Integration is a fundamental technique in calculus. It is often described as the process of finding antiderivatives. It's like working backwards from derivatives to determine the original function. In the given exercise, we have a derivative expressed as a simple algebraic expression: \(f'(x) = 2x\).
To find the original function \(f(x)\), we need to integrate \(2x\). When integrating powers of \(x\), we use the basic rule: the integral of \(x^n\) is \(\frac{x^{n+1}}{n+1} + C\).
Applying this to \(2x\), we get:

• The integral of \(2x\) is \(x^2 + C\).

Here, \(C\) represents the constant of integration, an indefinite number that appears because integration is an inverse operation to differentiation. Understanding how to perform integration is crucial for solving calculus problems like finding the original function from its derivative.

Initial conditions play a critical role in determining the specific solution to a differential equation. After integrating a derivative, we often end up with a general form of the antiderivative, which includes a constant \(C\).
To find a particular solution, we need to use given conditions at specific points, known as initial conditions.
Let's consider how initial conditions are used in the example:

• For \(f(0) = 0\), substituting gives the equation \(0 = 0^2 + C\), leading to \(C = 0\).
• For \(f(1) = 0\), follow the equation \(0 = 1^2 + C\), simplifying to \(C = -1\).
• Finally, for \(f(-2) = 3\), substitute into \(f(x) = x^2 + C\) to find \(4 + C = 3\), thus \(C = -1\).

Each initial condition offers a unique value for \(C\) that best fits the scenario and provides the specific solution we need. This way, the initial conditions complete the process of finding the function accurately.

Function evaluation involves substituting specific values into the function to discover further properties or verify results. In our exercise, after determining the function \(f(x)\) with the proper \(C\), we substitute \(x = 2\) to find \(f(2)\).
Let's see how this works in the context of our exercise:

• When \(C = 0\), we find \(f(x) = x^2\), leading to \(f(2) = 2^2 = 4\).
• With \(C = -1\), the function becomes \(f(x) = x^2 - 1\), and \(f(2) = 2^2 - 1 = 3\).

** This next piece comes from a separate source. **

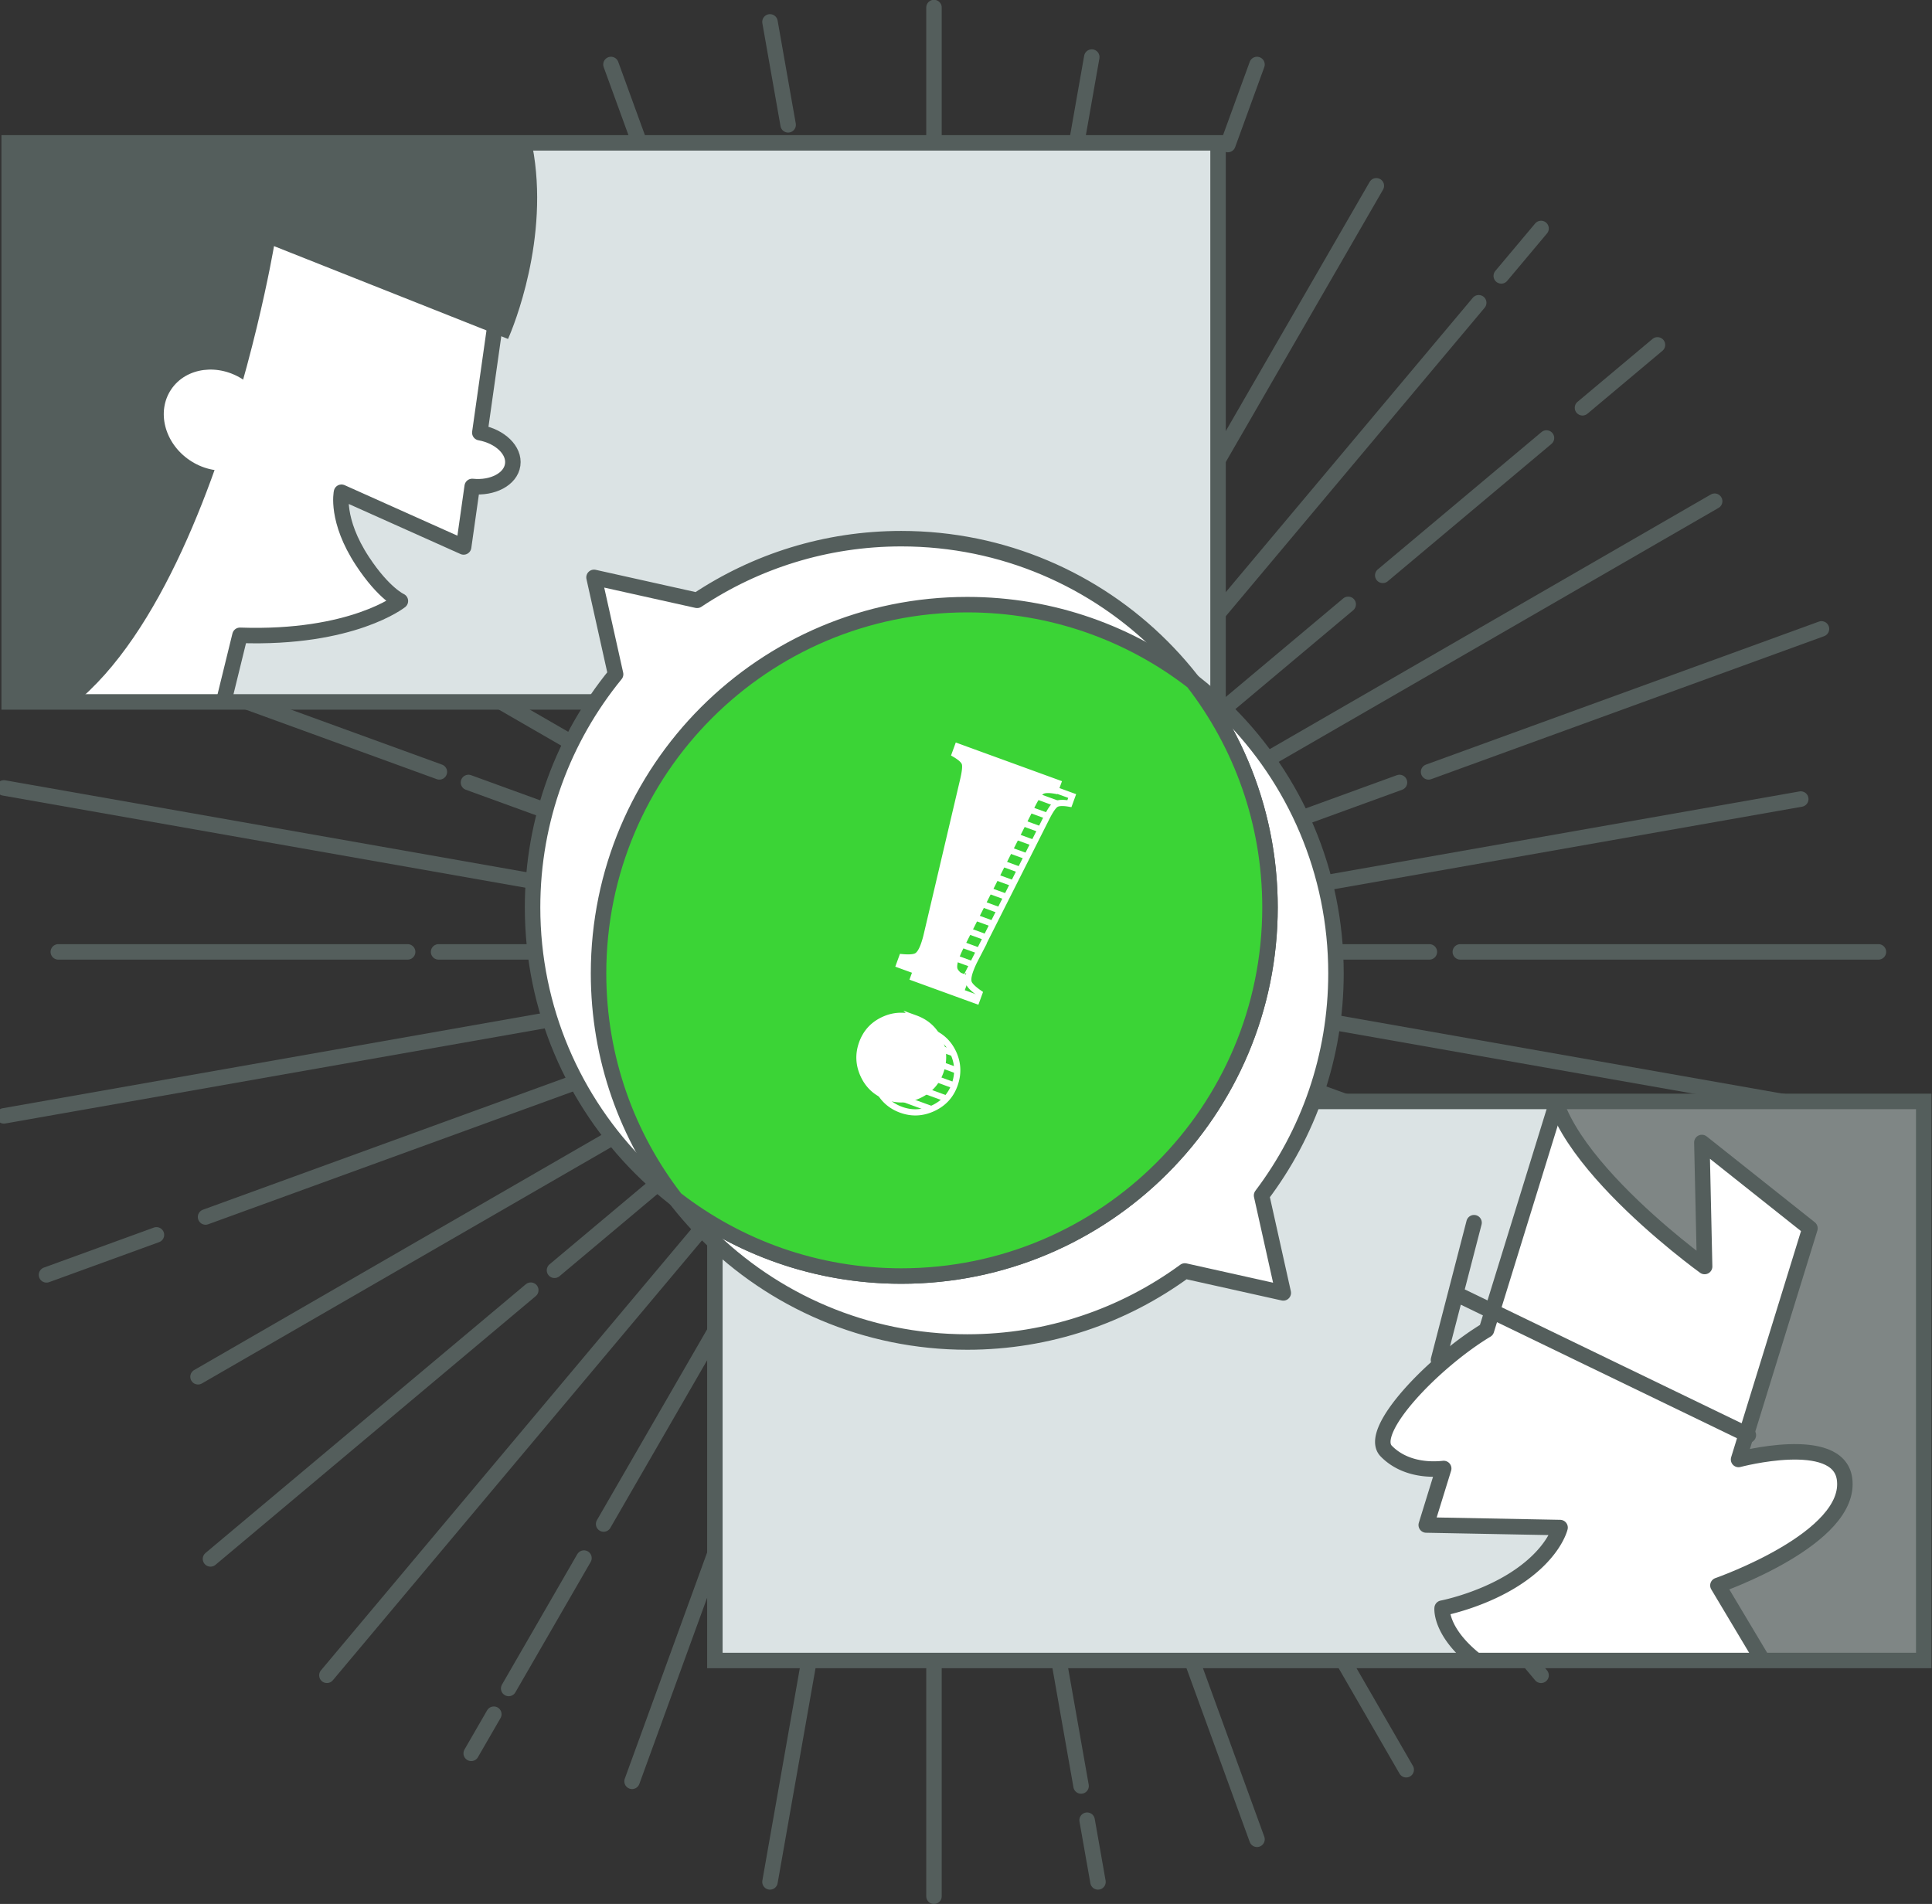 <svg xmlns="http://www.w3.org/2000/svg" xmlns:xlink="http://www.w3.org/1999/xlink" width="624" height="615" viewBox="48.605 20.743 624 615"><rect x="48.605" y="20.743" width="624" height="615" fill="#333333" stroke="none"/><path fill="none" stroke="#545E5C" stroke-width="5" stroke-linecap="round" stroke-linejoin="round" stroke-miterlimit="10" d="M350.263 328.214V23.178M350.263 328.214v305.037"/><path fill="none" stroke="#545E5C" stroke-width="5" stroke-linecap="round" stroke-linejoin="round" stroke-miterlimit="10" stroke-dasharray="160,10" d="M303.158 61.063l-5.863-33.251M350.263 328.214L305.195 72.618M399.719 608.689l3.514 19.928M350.263 328.214l47.508 269.426"/><path fill="none" stroke="#545E5C" stroke-width="5" stroke-linecap="round" stroke-linejoin="round" stroke-miterlimit="10" d="M350.263 328.214L245.935 41.575M350.263 328.214l104.33 286.642"/><path fill="none" stroke="#545E5C" stroke-width="5" stroke-linecap="round" stroke-linejoin="round" stroke-miterlimit="10" stroke-dasharray="160,10" d="M350.263 328.214L206.632 79.439M350.263 328.214l152.52 264.171"/><path fill="none" stroke="#545E5C" stroke-width="5" stroke-linecap="round" stroke-linejoin="round" stroke-miterlimit="10" d="M350.263 328.214L154.19 94.543M350.263 328.214l196.074 233.673"/><path fill="none" stroke="#545E5C" stroke-width="5" stroke-linecap="round" stroke-linejoin="round" stroke-miterlimit="10" stroke-dasharray="160,10" d="M350.263 328.214L116.592 132.14M350.263 328.214L583.936 524.29"/><path fill="none" stroke="#545E5C" stroke-width="5" stroke-linecap="round" stroke-linejoin="round" stroke-miterlimit="10" d="M350.263 328.214L86.095 175.696M350.263 328.214l264.171 152.52"/><path fill="none" stroke="#545E5C" stroke-width="5" stroke-linecap="round" stroke-linejoin="round" stroke-miterlimit="10" stroke-dasharray="160,10" d="M350.263 328.214L63.625 223.885M350.263 328.214l286.643 104.329"/><path fill="none" stroke="#545E5C" stroke-width="5" stroke-linecap="round" stroke-linejoin="round" stroke-miterlimit="10" d="M350.263 328.214L49.861 275.246M350.263 328.214l300.404 52.97"/><path fill="none" stroke="#545E5C" stroke-width="5" stroke-linecap="round" stroke-linejoin="round" stroke-miterlimit="10" stroke-dasharray="160,10" d="M350.263 328.214H67.438M350.263 328.214H655.3"/><path fill="none" stroke="#545E5C" stroke-width="5" stroke-linecap="round" stroke-linejoin="round" stroke-miterlimit="10" d="M350.263 328.214l-300.402 52.97M350.263 328.214l279.954-49.364M99.135 419.618l-35.51 12.925M350.263 328.214l-235.267 85.63"/><path fill="none" stroke="#545E5C" stroke-width="5" stroke-linecap="round" stroke-linejoin="round" stroke-miterlimit="10" stroke-dasharray="160,10" d="M350.263 328.214l286.643-104.329"/><path fill="none" stroke="#545E5C" stroke-width="5" stroke-linecap="round" stroke-linejoin="round" stroke-miterlimit="10" d="M350.263 328.214L112.565 465.45M350.263 328.214l252.145-145.575"/><path fill="none" stroke="#545E5C" stroke-width="5" stroke-linecap="round" stroke-linejoin="round" stroke-miterlimit="10" stroke-dasharray="160,10" d="M350.263 328.214L116.592 524.289"/><path fill="none" stroke="#545E5C" stroke-width="5" stroke-linecap="round" stroke-linejoin="round" stroke-miterlimit="10" d="M559.719 152.46l24.218-20.32M495.211 206.588l52.876-44.367M350.263 328.214l133.785-112.259M350.263 328.214L154.19 561.886M533.485 109.861l12.853-15.318M350.263 328.214l175.939-209.673M208.1 574.451l-7.301 12.643M237.215 524.021L212.9 566.137M350.263 328.214L243.567 513.019M350.263 328.214L493.134 80.757M350.263 328.214L252.75 596.131M445.179 67.438l9.414-25.863M350.263 328.214L440.05 81.531"/><path fill="none" stroke="#545E5C" stroke-width="5" stroke-linecap="round" stroke-linejoin="round" stroke-miterlimit="10" stroke-dasharray="160,10" d="M350.263 328.214l-52.969 300.403M350.263 328.214L401.23 39.179"/><path fill="#DBE3E4" d="M51.566 66.89h390.446v180.582H51.566z"/><defs><path id="a" d="M51.566 66.89h390.446v180.582H51.566z"/></defs><clipPath id="b"><use xlink:href="#a" overflow="visible"/></clipPath><g clip-path="url(#b)"><path fill="#FFF" d="M203.576 160.496l8.789-62.063s-32.73-60.1-80.04-72.485c-47.309-12.387-80.287 49.781-95.563 97.394-11.023 34.362 5.101 68.071 33.534 86.806v56.406l46.06-.811 9.753-39.786c36.324 1.258 51.815-11.083 51.815-11.083s-5.335-2.369-12.228-12.836c-8.778-13.333-6.798-22.295-6.798-22.295l39.45 17.672 2.767-19.54c6.639.682 12.421-2.361 13.08-7.01.659-4.648-4.051-9.18-10.619-10.369z"/><path fill="none" stroke="#545E5C" stroke-width="5" stroke-linecap="round" stroke-linejoin="round" stroke-miterlimit="10" d="M203.576 160.496l8.789-62.063s-32.73-60.1-80.04-72.485c-47.309-12.387-80.287 49.781-95.563 97.394-11.023 34.362 5.101 68.071 33.534 86.806v56.406l46.06-.811 9.753-39.786c36.324 1.258 51.815-11.083 51.815-11.083s-5.335-2.369-12.228-12.836c-8.778-13.333-6.798-22.295-6.798-22.295l39.45 17.672 2.767-19.54c6.639.682 12.421-2.361 13.08-7.01.659-4.648-4.051-9.18-10.619-10.369z"/></g><path clip-path="url(#b)" fill="#545E5C" d="M137.105 100.243l75.586 29.989s49.482-108.487-78.514-128.44C34.694-13.719.75 75.334.01 120.735c-.741 45.402 38.226 76.518 38.226 76.518L8.879 208.738s.868 47.786 26.976 51.005c73 9 101.25-159.5 101.25-159.5z"/><ellipse transform="rotate(34.147 118.613 156.46)" clip-path="url(#b)" fill="#FFF" cx="118.605" cy="156.451" rx="17.75" ry="15.626"/><path fill="none" stroke="#545E5C" stroke-width="5" stroke-miterlimit="10" d="M51.566 66.89h390.446v180.582H51.566z"/><path fill="#DBE3E4" d="M279.496 376.516h390.447v180.581H279.496z"/><defs><path id="c" d="M279.496 376.516h390.447v180.581H279.496z"/></defs><clipPath id="d"><use xlink:href="#c" overflow="visible"/></clipPath><g clip-path="url(#d)"><path fill="#FFF" d="M642.053 386.353c-48.075-8.952-90.414-10.241-90.414-10.241l-22.932 74.247c-16.975 10.224-38.619 32.659-32.388 39.087 4.465 4.603 11.226 6.416 18.572 5.641l-5.637 18.251 43.221.824s-2.027 8.952-15.651 17.272c-10.695 6.531-22.438 8.768-22.438 8.768s-2.034 18.651 45.729 33.403a89.662 89.662 0 0 0 6.072 1.633v40.825h63.539v-44.165c29.198-9.278 53.646-28.907 57.276-56.713 6.472-49.582 3.129-119.876-44.949-128.832z"/><path fill="none" stroke="#545E5C" stroke-width="5" stroke-linecap="round" stroke-linejoin="round" stroke-miterlimit="10" d="M642.053 386.353c-48.075-8.952-90.414-10.241-90.414-10.241l-22.932 74.247c-16.975 10.224-38.619 32.659-32.388 39.087 4.465 4.603 11.226 6.416 18.572 5.641l-5.637 18.251 43.221.824s-2.027 8.952-15.651 17.272c-10.695 6.531-22.438 8.768-22.438 8.768s-2.034 18.651 45.729 33.403a89.662 89.662 0 0 0 6.072 1.633v40.825h63.539v-44.165c29.198-9.278 53.646-28.907 57.276-56.713 6.472-49.582 3.129-119.876-44.949-128.832z"/></g><path clip-path="url(#d)" fill="#7F8685" stroke="#545E5C" stroke-width="5" stroke-linecap="round" stroke-linejoin="round" stroke-miterlimit="10" d="M598.276 389.779l.891 40.063s-59.715-42.979-48.067-68.636c16.136-35.544 110.994-15.825 110.994-15.825l-28.44 22.9s87.47 7.859 94.817 58.021c7.349 50.164-14.339 96.519-45.162 122.367-21.376 17.924-55.569 24.84-55.569 24.84l-24.284-40.659s43.758-15.225 40.878-34.532c-2.189-14.69-34.207-6.145-34.207-6.145l23.061-74.668-34.912-27.726z"/><path clip-path="url(#d)" fill="none" stroke="#545E5C" stroke-width="5" stroke-linecap="round" stroke-linejoin="round" stroke-miterlimit="10" d="M524.696 415.684l-11.488 44.346M520.105 439.243l93.186 45.065"/><path fill="none" stroke="#545E5C" stroke-width="5" stroke-miterlimit="10" d="M279.496 376.516h390.447v180.581H279.496z"/><path fill="#FFF" d="M433.888 240.954c-21.783-28.112-55.869-46.213-94.187-46.213-65.771 0-119.088 53.317-119.088 119.089 0 38.317 18.101 72.401 46.213 94.186 21.784 28.112 55.868 46.213 94.186 46.213 65.771 0 119.089-53.317 119.089-119.088 0-38.318-18.101-72.404-46.213-94.187z"/><g><path fill="#FFF" d="M456.069 406.879c15.083-19.953 24.032-44.8 24.032-71.739 0-65.771-53.317-119.089-119.089-119.089-65.771 0-119.088 53.317-119.088 119.089 0 65.771 53.317 119.088 119.088 119.088 26.286 0 50.579-8.523 70.278-22.947l31.792 7.082-7.013-31.484z"/><path fill="none" stroke="#545E5C" stroke-width="5" stroke-linecap="round" stroke-linejoin="round" stroke-miterlimit="10" d="M456.069 406.879c15.083-19.953 24.032-44.8 24.032-71.739 0-65.771-53.317-119.089-119.089-119.089-65.771 0-119.088 53.317-119.088 119.089 0 65.771 53.317 119.088 119.088 119.088 26.286 0 50.579-8.523 70.278-22.947l31.792 7.082-7.013-31.484z"/></g><g><path fill="#FFF" d="M339.702 194.741c-24.39 0-47.063 7.337-65.944 19.918l-33.296-7.417 6.973 31.3c-16.762 20.518-26.82 46.727-26.82 75.288 0 65.771 53.317 119.088 119.088 119.088 65.771 0 119.089-53.317 119.089-119.088-.001-65.772-53.319-119.089-119.09-119.089z"/><path fill="none" stroke="#545E5C" stroke-width="5" stroke-linecap="round" stroke-linejoin="round" stroke-miterlimit="10" d="M339.702 194.741c-24.39 0-47.063 7.337-65.944 19.918l-33.296-7.417 6.973 31.3c-16.762 20.518-26.82 46.727-26.82 75.288 0 65.771 53.317 119.088 119.088 119.088 65.771 0 119.089-53.317 119.089-119.088-.001-65.772-53.319-119.089-119.09-119.089z"/></g><path fill="#3BD436" stroke="#545E5C" stroke-width="5" stroke-linecap="round" stroke-linejoin="round" stroke-miterlimit="10" d="M361.012 216.051c-65.771 0-119.088 53.317-119.088 119.089 0 27.454 9.295 52.733 24.902 72.875 20.142 15.607 45.421 24.902 72.875 24.902 65.771 0 119.089-53.317 119.089-119.088 0-27.454-9.295-52.733-24.902-72.876-20.142-15.607-45.422-24.902-72.876-24.902z"/><path fill="#FFF" stroke="#FFF" stroke-width="2" stroke-miterlimit="10" d="M359.431 339.811l-20.385-7.419.899-2.471c2.353.214 3.941.078 4.768-.407.829-.486 1.57-1.63 2.226-3.431a29.92 29.92 0 0 0 1.033-3.56l11.646-49.535c.685-2.842.888-4.721.609-5.638-.278-.918-1.355-1.92-3.232-3.012l.9-2.471 32.428 11.802-.9 2.473c-2.139-.372-3.608-.295-4.41.229-.804.524-1.855 2.094-3.157 4.71l-22.919 45.434a29.764 29.764 0 0 0-1.498 3.39c-.674 1.852-.845 3.219-.514 4.098.33.877 1.467 1.991 3.405 3.337l-.899 2.471zm-15.139 9.879c3.552 1.293 6.102 3.619 7.646 6.979 1.547 3.362 1.674 6.817.381 10.369-1.256 3.449-3.582 5.954-6.979 7.516-3.394 1.563-6.816 1.717-10.266.462-3.5-1.274-6.031-3.609-7.594-7.004-1.563-3.396-1.707-6.846-.434-10.346 1.256-3.448 3.551-5.95 6.887-7.506 3.338-1.556 6.789-1.711 10.359-.47z"/><g><defs><path id="e" d="M364.008 344.006l-20.384-7.419.9-2.471c2.351.214 3.94.079 4.767-.407.828-.487 1.571-1.63 2.226-3.432a29.666 29.666 0 0 0 1.032-3.559l11.647-49.535c.684-2.842.888-4.721.608-5.638-.278-.918-1.355-1.921-3.231-3.012l.9-2.471 32.428 11.802-.899 2.472c-2.139-.371-3.609-.295-4.412.23-.802.522-1.854 2.094-3.157 4.709l-22.918 45.434a29.698 29.698 0 0 0-1.498 3.391c-.675 1.851-.846 3.218-.514 4.097.33.877 1.465 1.991 3.404 3.337l-.899 2.472zm-15.137 9.879c3.552 1.292 6.101 3.621 7.646 6.979 1.545 3.361 1.673 6.817.379 10.368-1.254 3.45-3.58 5.955-6.978 7.517-3.394 1.563-6.816 1.717-10.266.461-3.5-1.273-6.031-3.608-7.593-7.005-1.563-3.395-1.707-6.844-.433-10.344 1.255-3.449 3.55-5.95 6.886-7.506 3.335-1.555 6.789-1.711 10.359-.47z"/></defs><clipPath id="f"><use xlink:href="#e" overflow="visible"/></clipPath><g clip-path="url(#f)" fill="none" stroke="#FFF" stroke-width="2" stroke-miterlimit="10"><path d="M348.545 265.204l99.796 36.323M346.886 269.757l99.799 36.323M345.23 274.312l99.797 36.324M343.573 278.867l99.797 36.322M341.914 283.42l99.797 36.323M340.257 287.975l99.796 36.322M338.599 292.53l99.797 36.322M336.942 297.083l99.796 36.324M335.285 301.639l99.795 36.322M333.625 306.192l99.797 36.322M331.968 310.746l99.796 36.324M330.312 315.301l99.796 36.323M328.654 319.855l99.797 36.323M326.997 324.409l99.795 36.324M325.337 328.963l99.798 36.324M323.679 333.518l99.797 36.322M322.023 338.073l99.797 36.323M320.365 342.627l99.799 36.323M318.708 347.182l99.796 36.322M317.051 351.735l99.796 36.323M315.392 356.29l99.797 36.323M313.735 360.844l99.797 36.323M312.079 365.399l99.796 36.322M310.419 369.952l99.797 36.324M308.761 374.507l99.796 36.324M307.103 379.061l99.798 36.323M305.446 383.616l99.798 36.322"/></g><use xlink:href="#e" overflow="visible" fill="none" stroke="#FFF" stroke-width="2" stroke-miterlimit="10"/></g></svg>

By substituting \(x = 2\) into these expressions, we calculate the specific value of the function, which represents a real-world quantity or satisfies the condition of a problem. Function evaluation is particularly useful in practical applications like physics or engineering, wherein one needs to assess specific points within a system. This practice enables deeper insights and predictions based on calculated scenarios.